#### [WHAT THIS TASK INVOLVES]
Copy each line of the data that has "Grassland" in it.

[Dataset items]
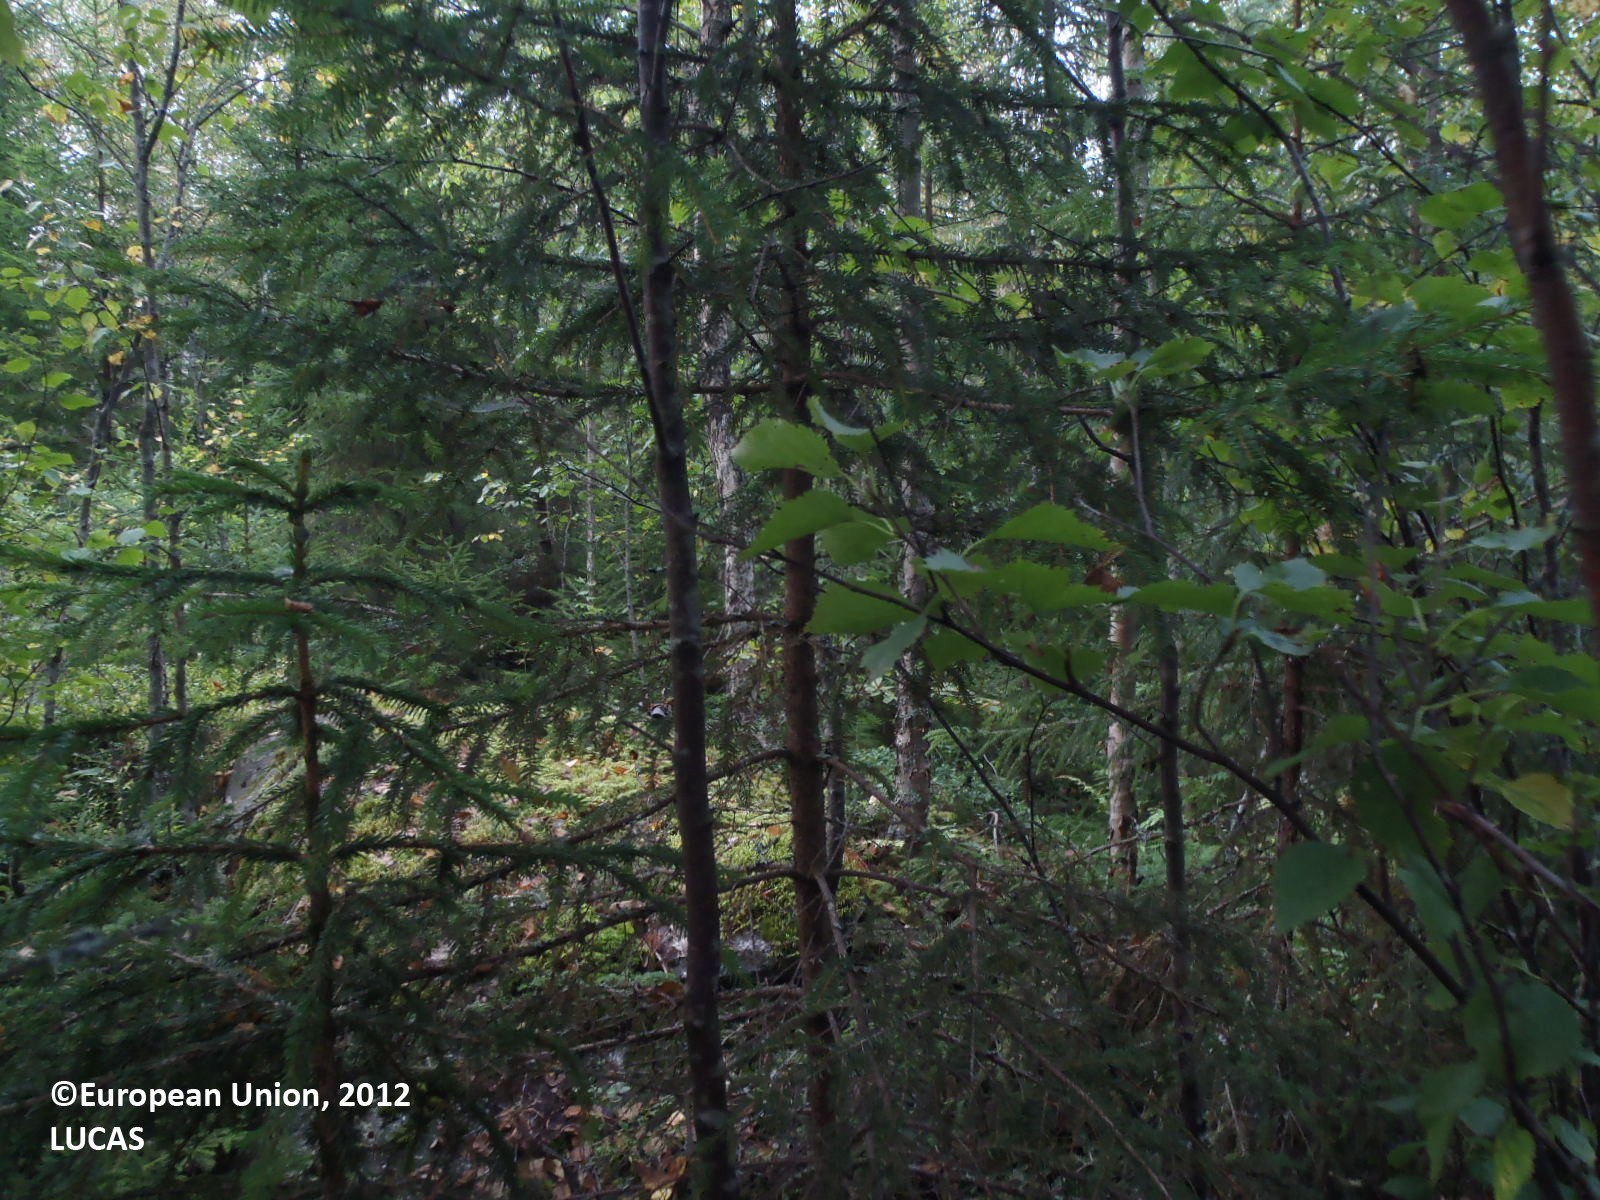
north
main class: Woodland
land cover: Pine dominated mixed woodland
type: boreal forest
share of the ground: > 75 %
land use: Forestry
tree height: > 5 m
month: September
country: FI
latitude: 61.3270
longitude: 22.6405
--
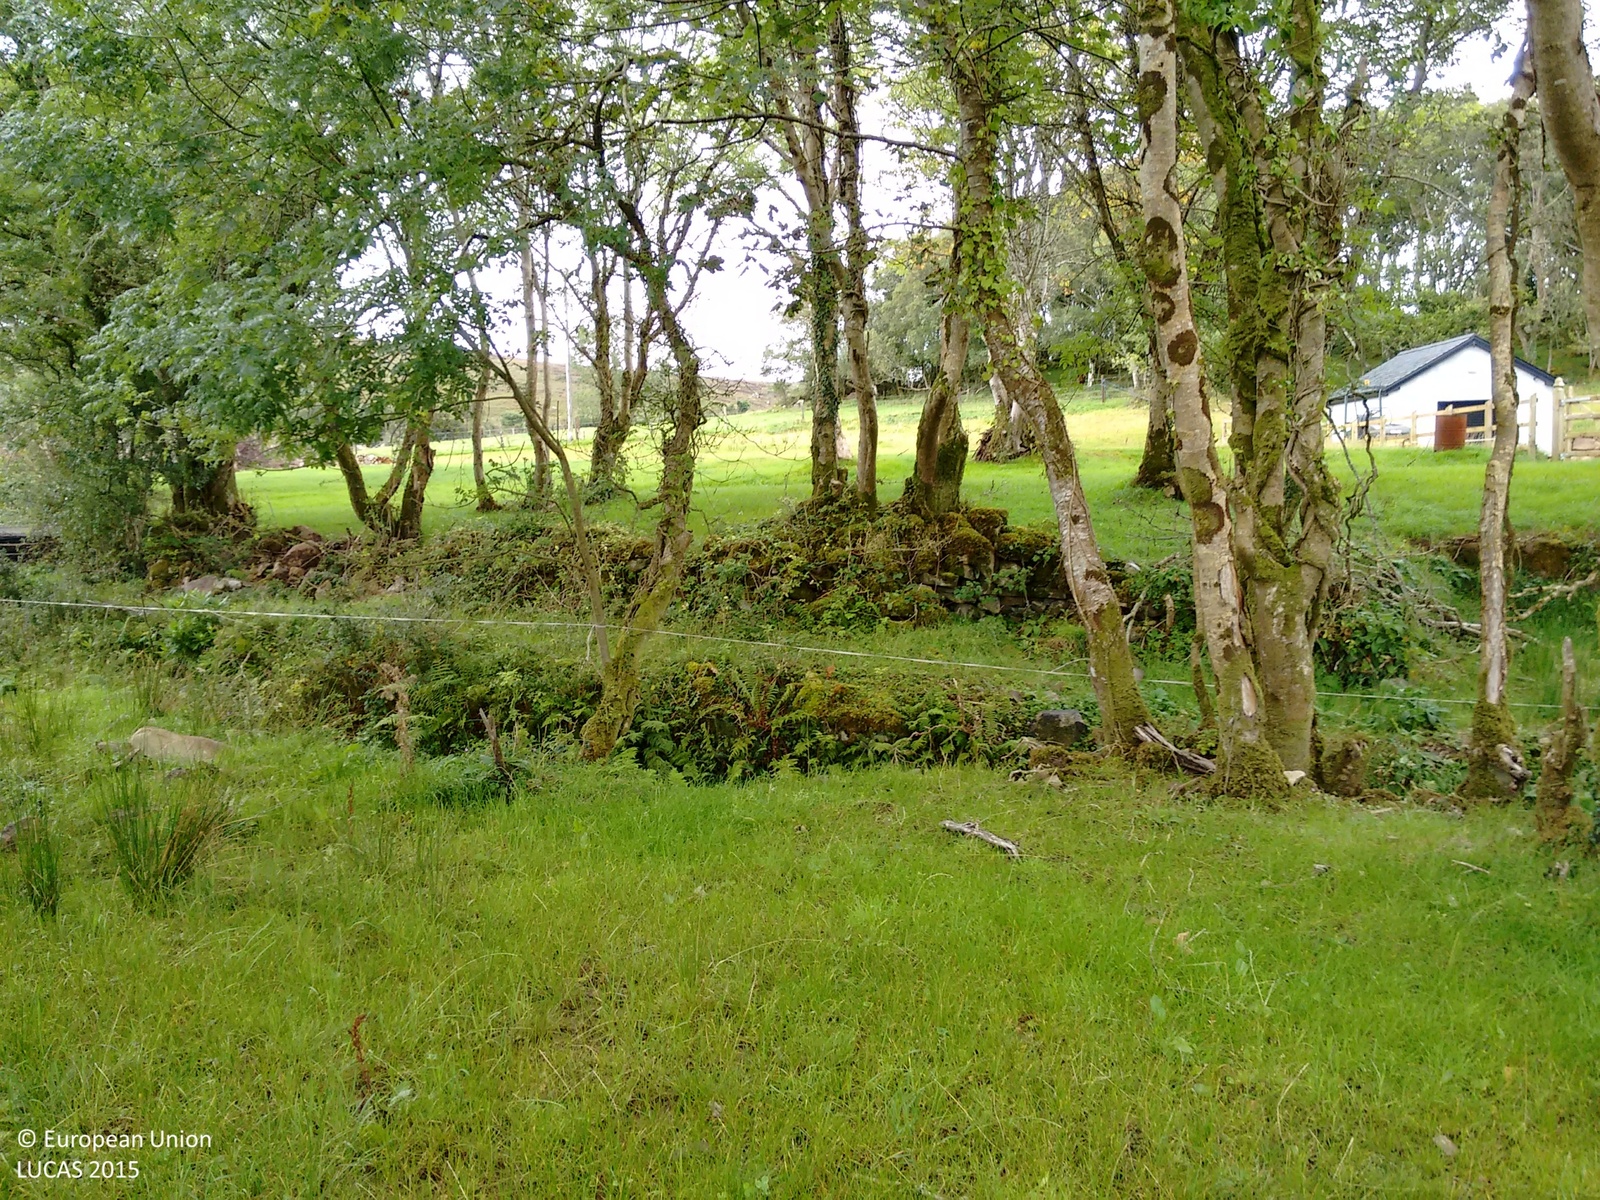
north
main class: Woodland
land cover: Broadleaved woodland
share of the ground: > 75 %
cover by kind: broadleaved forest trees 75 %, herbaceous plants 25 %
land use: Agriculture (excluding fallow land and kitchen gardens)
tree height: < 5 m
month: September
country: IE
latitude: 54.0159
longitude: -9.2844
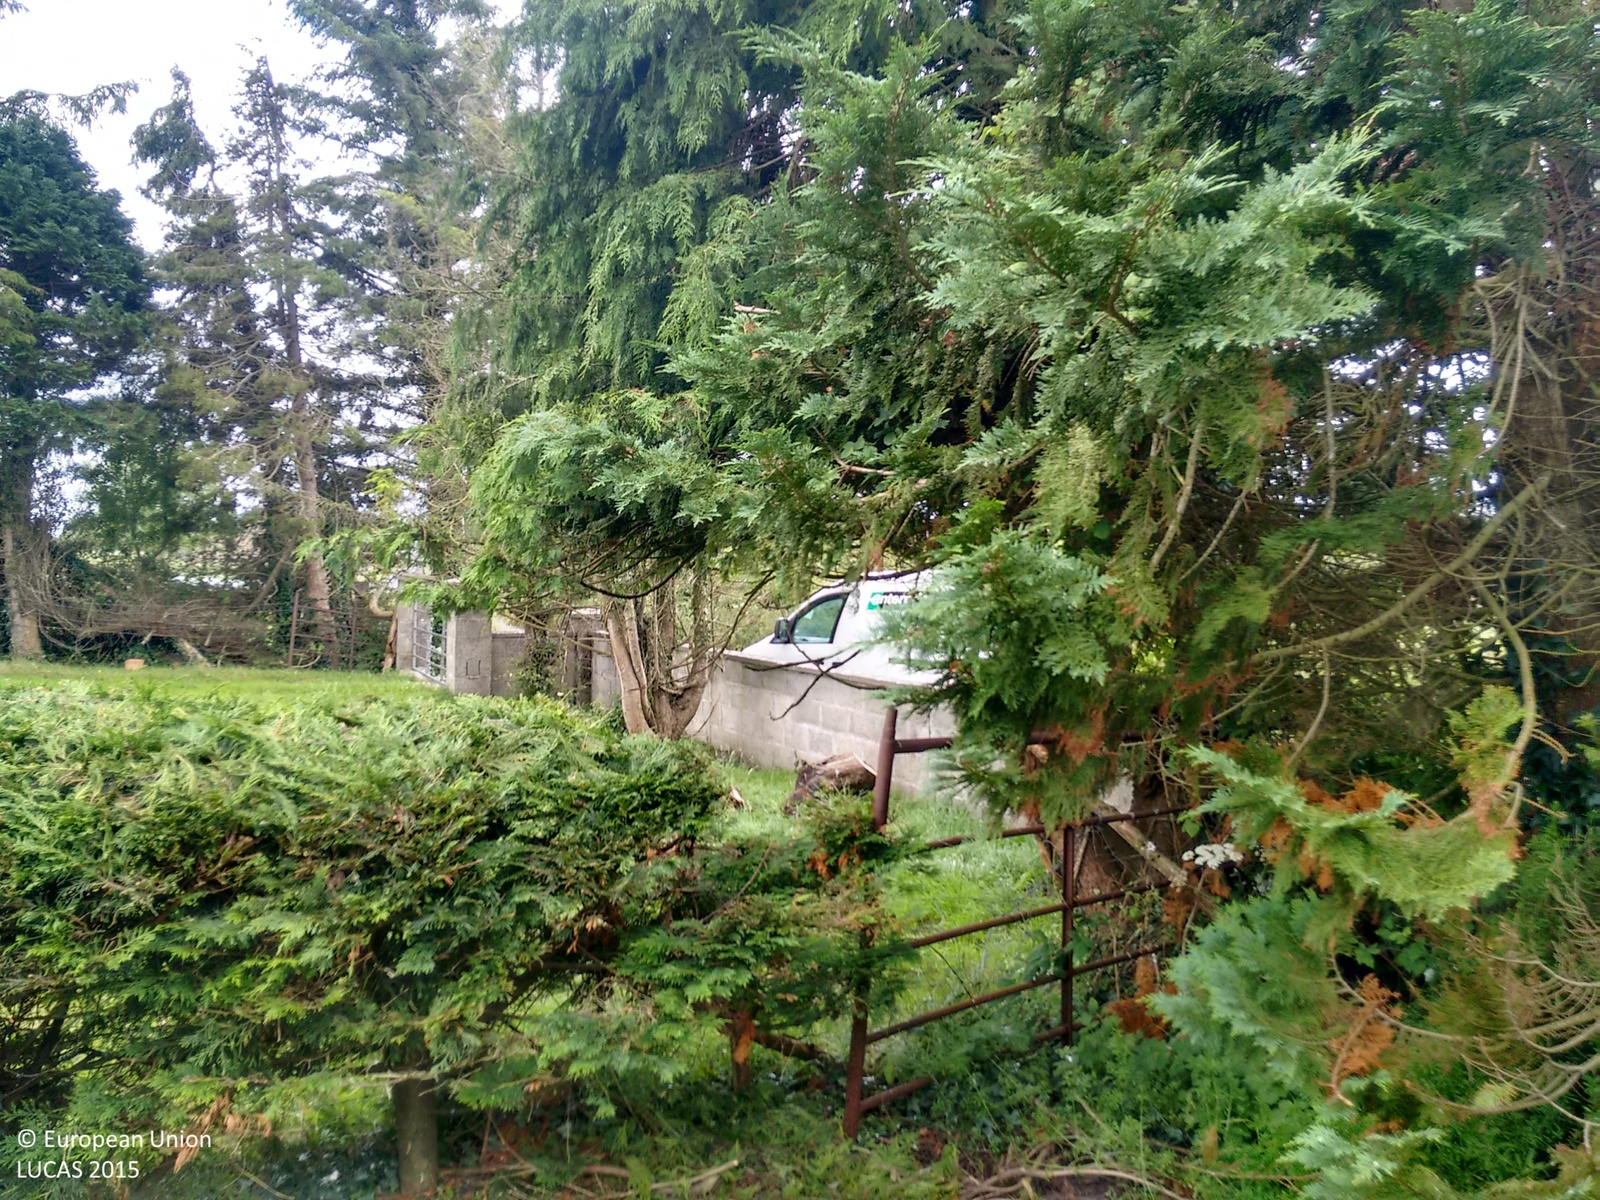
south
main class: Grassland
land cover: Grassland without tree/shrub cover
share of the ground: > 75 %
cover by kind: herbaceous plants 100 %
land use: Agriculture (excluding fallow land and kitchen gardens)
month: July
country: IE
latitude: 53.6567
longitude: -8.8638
==
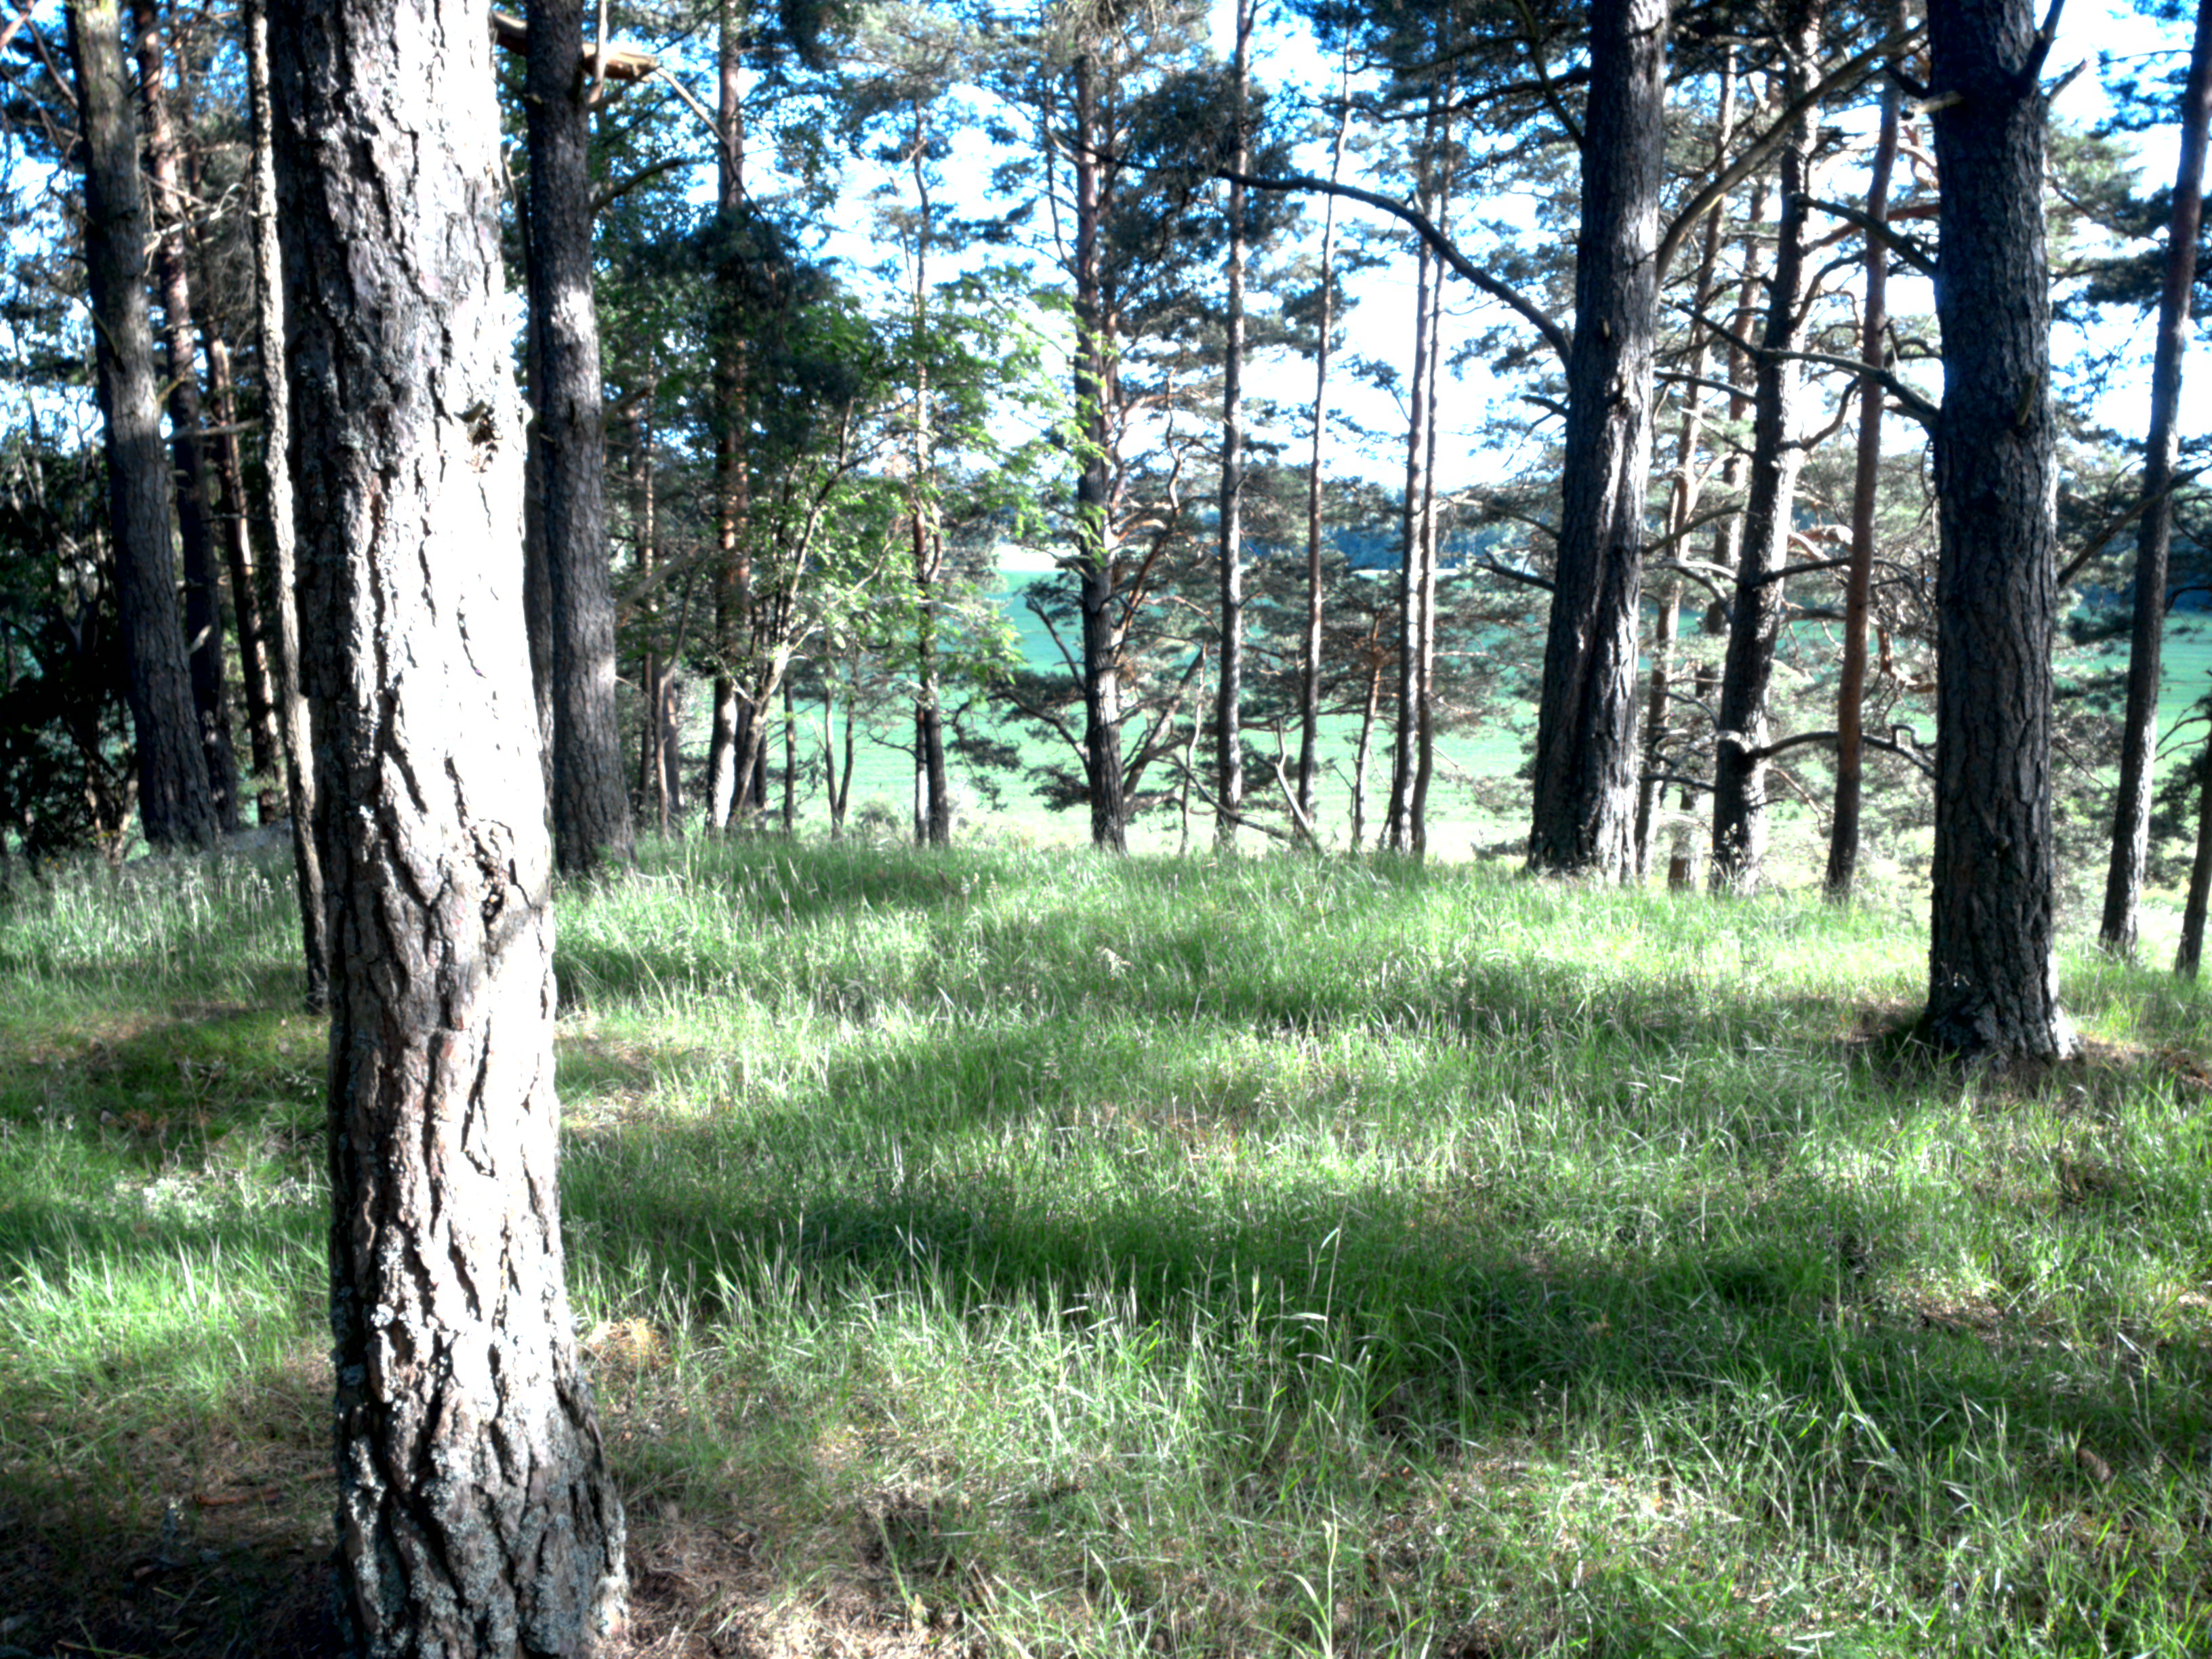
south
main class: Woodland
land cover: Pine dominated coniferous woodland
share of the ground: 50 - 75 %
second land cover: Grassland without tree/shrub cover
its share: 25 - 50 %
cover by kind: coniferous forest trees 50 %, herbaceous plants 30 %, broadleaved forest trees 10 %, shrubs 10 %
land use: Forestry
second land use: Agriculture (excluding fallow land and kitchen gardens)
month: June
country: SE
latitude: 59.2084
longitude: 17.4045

#### [ANSWER FOR THE TASK]
main class: Grassland
land cover: Grassland without tree/shrub cover
second land cover: Grassland without tree/shrub cover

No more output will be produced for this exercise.